If you're new, you might not have heard the term, but "Big Money" is a strategy where you pretty much buy nothing but coins. Whenever you can, buy a province; whenever you can't do that, buy a gold; whenever you can't do that, buy a silver. "Smithy big money" is a strategy where you buy ONE smithy, and the rest money.
These look really simple, but are surprisingly powerful. BM gets you to four provinces by turn 17-18 or so, Smithy+BM gets you to four provinces by turn 14 or so. It is a common newbie mistake to focus too much on all the cool actions and combos that you can do and forget that these decks take quite a few turns to set up. Especially in just the base set, in a reasonable number of randomly-chosen sets, it makes sense to go for pure money plus a small number of actions (so you rarely/never draw more than one in hand at a time) to shore it up rather than trying to get your actions to chain. Sometimes, when you're not sure what to do, feel free to try going for silver, gold, and just one or two terminal actions. You'll be surprised at how well that does, especially against players who get carried away with too many villages.
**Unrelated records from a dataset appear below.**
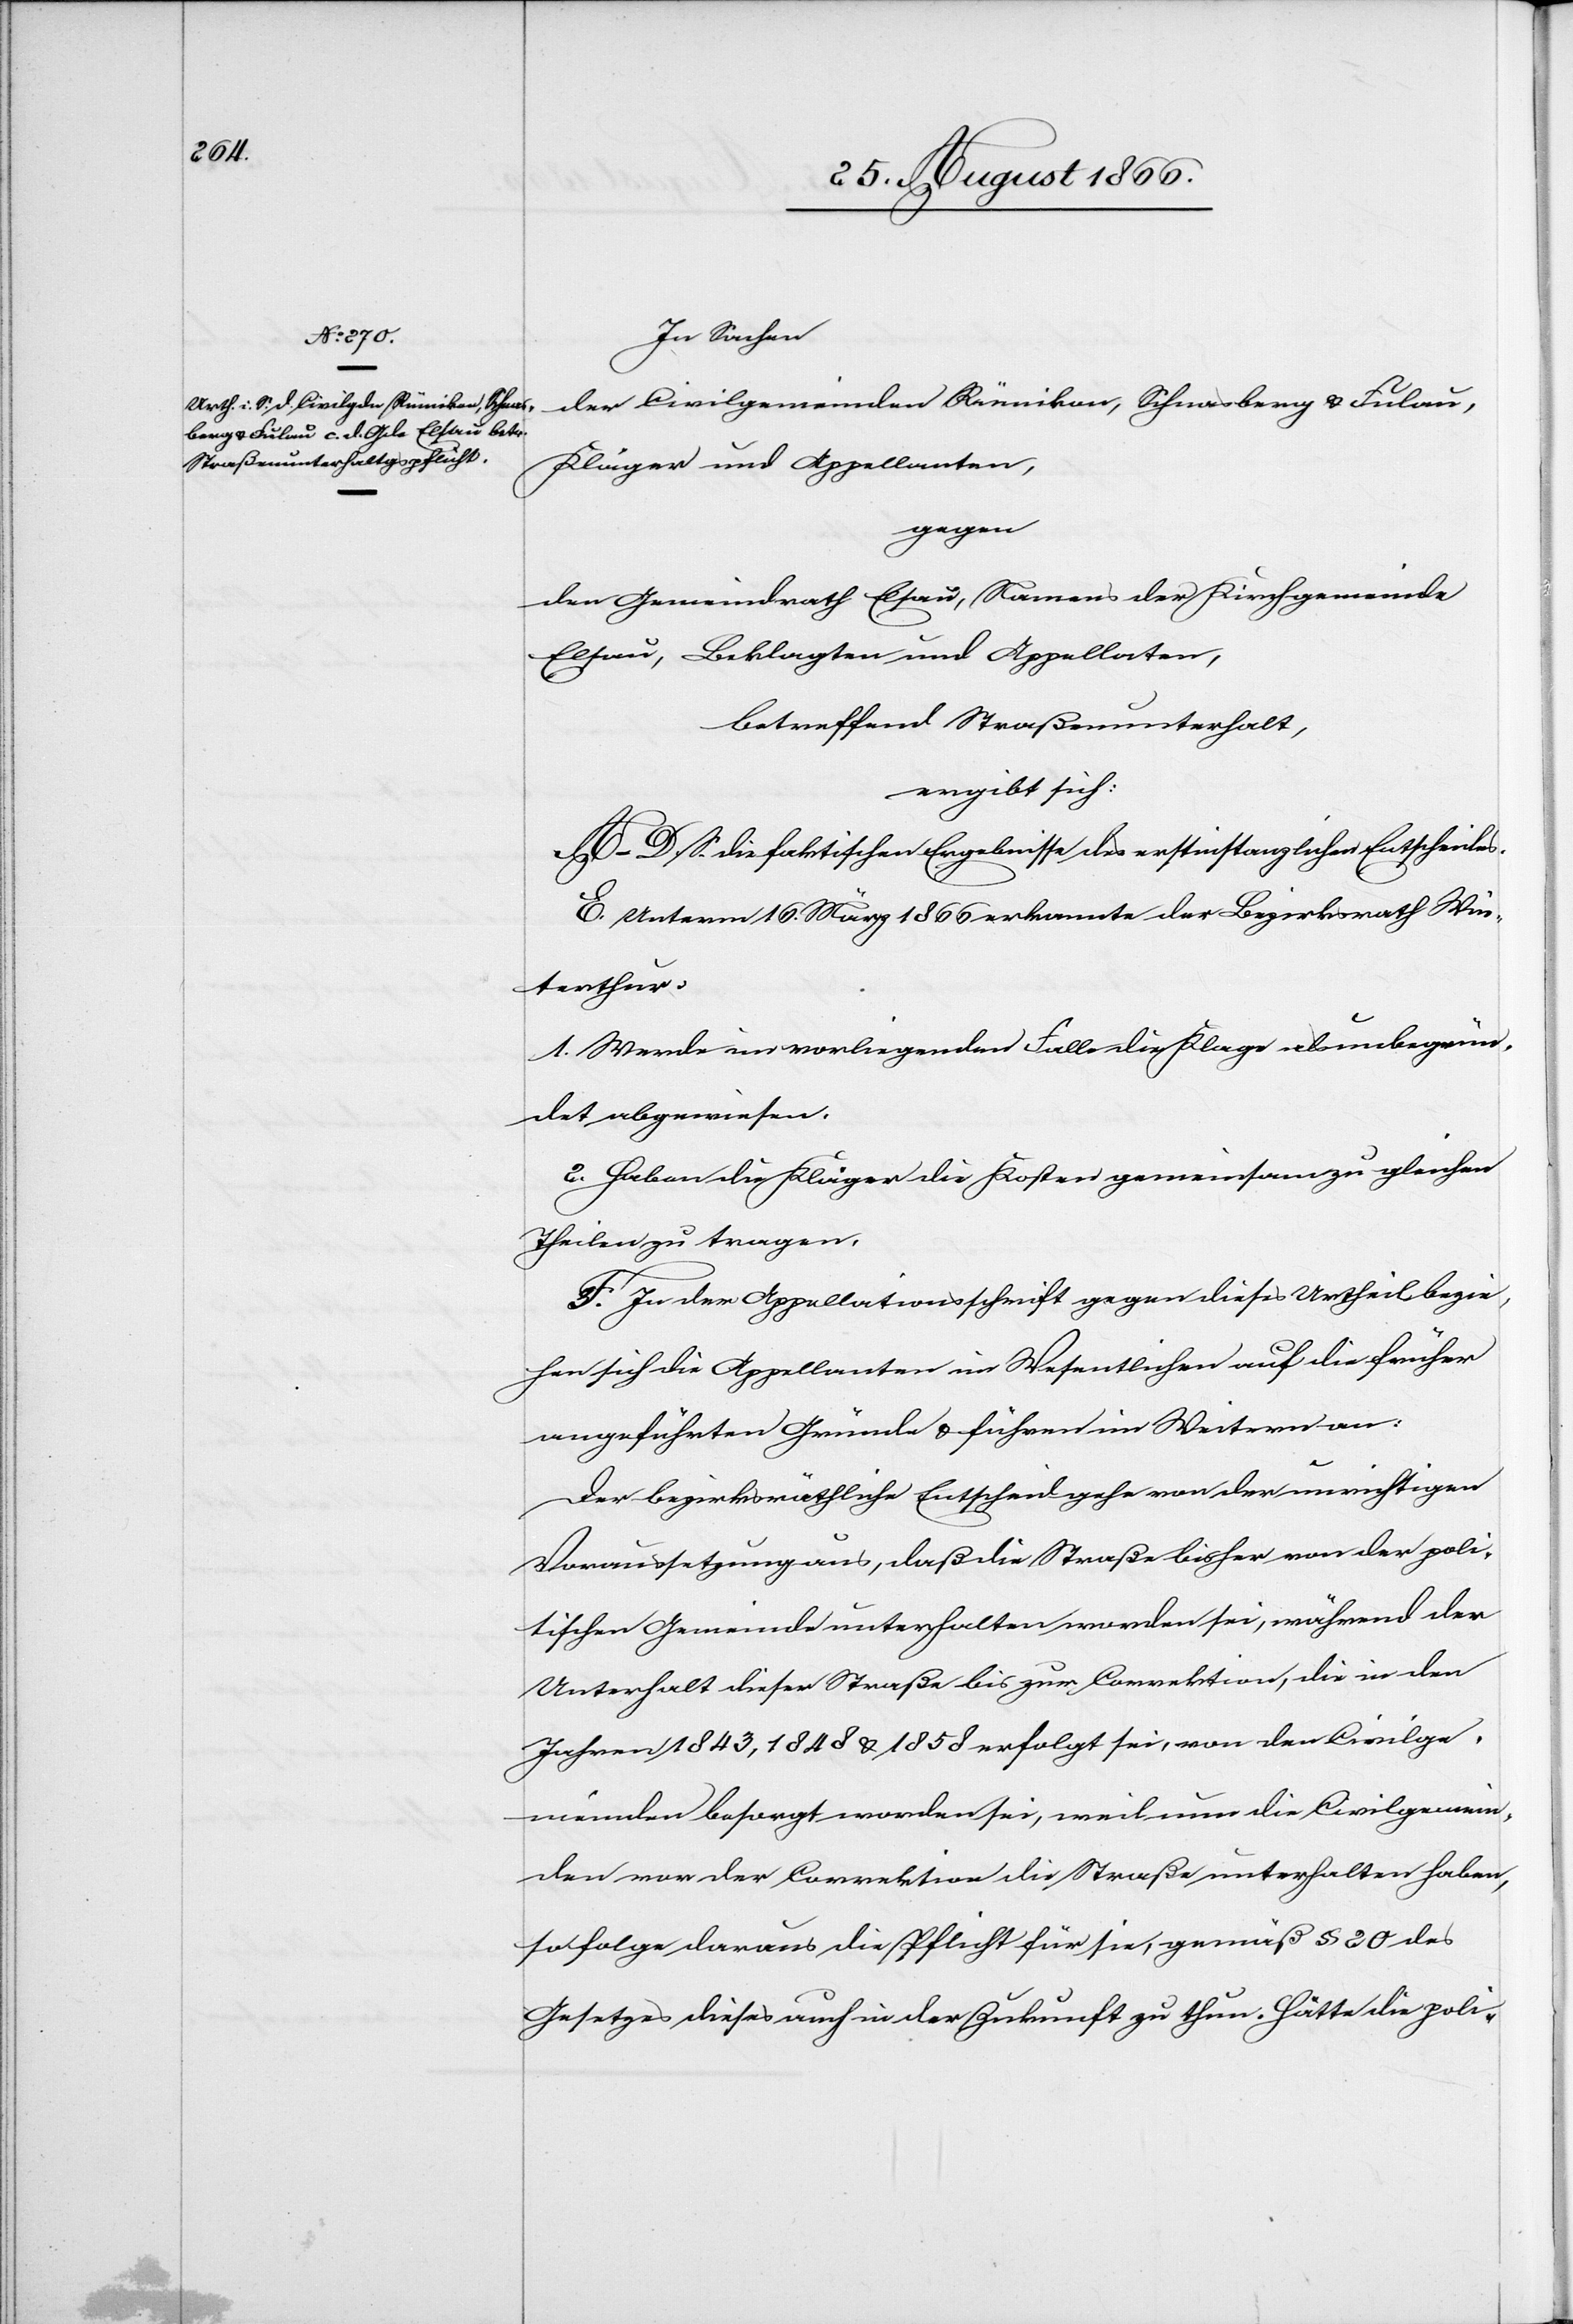
Straßenunterhaltungspflicht,

In Sachen
der Civilgemeinden Rümikon, Schnasberg u. Fulau,
Kläger und Appellanten,
gegen
den Gemeindrath Elsau, Namens der Kirchgemeinde
Elsau, Beklagten und Appellaten,
ergibt sich:
A–D. S. die faktischen Ergebnisse des erstinstanzlichen Entscheides.
E. Unterm 16. März 1866 erkannte der Bezirksrath Win¬
terthur:
1. Werde im vorliegenden Falle die Klage als unbegrün¬
det abgewiesen.
2. Haben die Kläger die Kosten gemeinsam zu gleichen
Theilen zu tragen.
F. In der Appellationsschrift gegen dieses Urtheil bezie¬
hen sich die Appellanten im Wesentlichen auf die früher
angeführten Gründe u. führen im Weitern an:
Der bezirksräthliche Entscheid gehe von der unrichtigen
Voraussetzung aus, daß die Straße bisher von der poli¬
tischen Gemeinde unterhalten worden sei, während der
Unterhalt dieser Straße bis zur Correktion, die in den
Jahren 1843, 1848 u. 1858 erfolgt sei, von den Civilge¬
meinden besorgt worden sei, weil nun die Civilgemein¬
den vor der Correktion die Straße unterhalten haben,
so folge daraus die Pflicht für sie, gemäß § 20 des
Gesetzes dieses auch in der Zukunft zu thun. Hätte die poli-

That said, in that deck, what looks reasonable is festival/library/cellar. Festival and cellar both DECREASE your hand size; festival gives you coins and +actions; library lets you draw back up to 7 after you've played cellars and festivals for coins and not have much left in hand.
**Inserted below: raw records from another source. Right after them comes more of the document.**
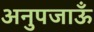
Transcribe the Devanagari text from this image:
अनुपजाऊँ
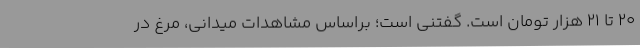
20 تا 21 هزار تومان است. گفتنی است؛ براساس مشاهدات میدانی، مرغ در
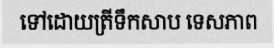
ទៅដោយត្រីទឹកសាប ទេសភាព
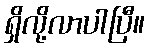
ရှိလို့လာပါပြီ။
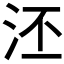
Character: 𣳎
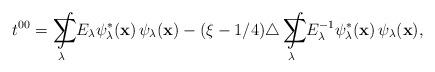
LaTeX: \begin{align*} t^{00}=\sum\hspace{-1.4em}\int\limits_{\lambda}E_\lambda\psi^*_\lambda(\textbf{x})\,\psi_\lambda(\textbf{x})-(\xi-1/4)\triangle \sum\hspace{-1.4em}\int\limits_{\lambda}E^{-1}_\lambda\psi^*_\lambda(\textbf{x})\,\psi_\lambda(\textbf{x}),\end{align*}
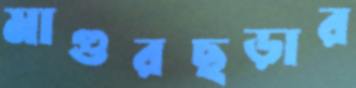
মাগুরছড়ার
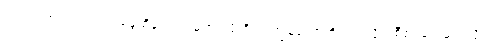
လက်ခံကြပါတယ်၊ အမွေထိန်းလက်မှတ် ရဖို့ကိုလဲ ကျွန်တော်တို့ကပဲ လိုက်စီစဉ်ပေးမယ်လို့
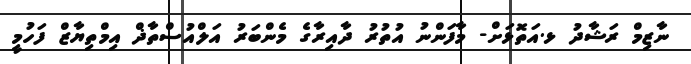
ނާޒިމް ރަޝާދު ޅ.އަތޮޅަށް- މާފަންނު އުތުރު ދާއިރާގެ މެންބަރު އަލްއުސްތާޛް އިމްތިޔާޒް ފަހުމީ
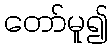
တော်မူ၍
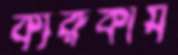
কারুকার্য
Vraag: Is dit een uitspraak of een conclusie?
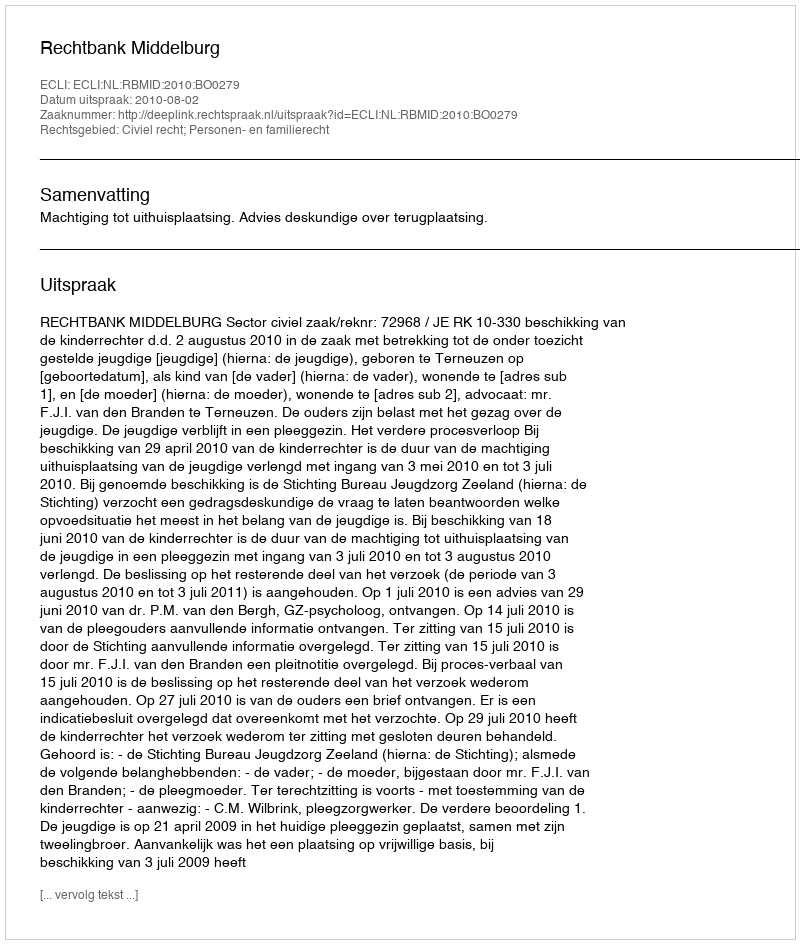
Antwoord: Uitspraak

I'll also comment on the cards that you picked out as "the best to focus on" at first glance, because they're really not that good.
Village is always "safe" to have - you feel like you always draw a card with it, so there's no harm, right? Well, there IS harm - in the turns it took to buy the villages! Those could be spent to buy things that give you coins, like silver.
Throne room LOOKS really cool - you play another card twice! But with so many things around that give +actions anyway, and without any standout amazing hard-to-get card that you really want to double-play, throne room turns out to be no better than whatever else you have in your hand, and you might as well just get more of other things and not risk drawing throne room with nothing good to throne room. It's a support card for an engine here, but it's not that easy to fit in to one, since early on (when you're getting $4-size hands) it's dangerous to buy it because you might draw it as your only action (and if you're drawing $4, you probably need a silver or two to get you up to drawing $5), but later on (when you're always getting actions in-hand) youre likely to be getting $5 which could be spent on festivals.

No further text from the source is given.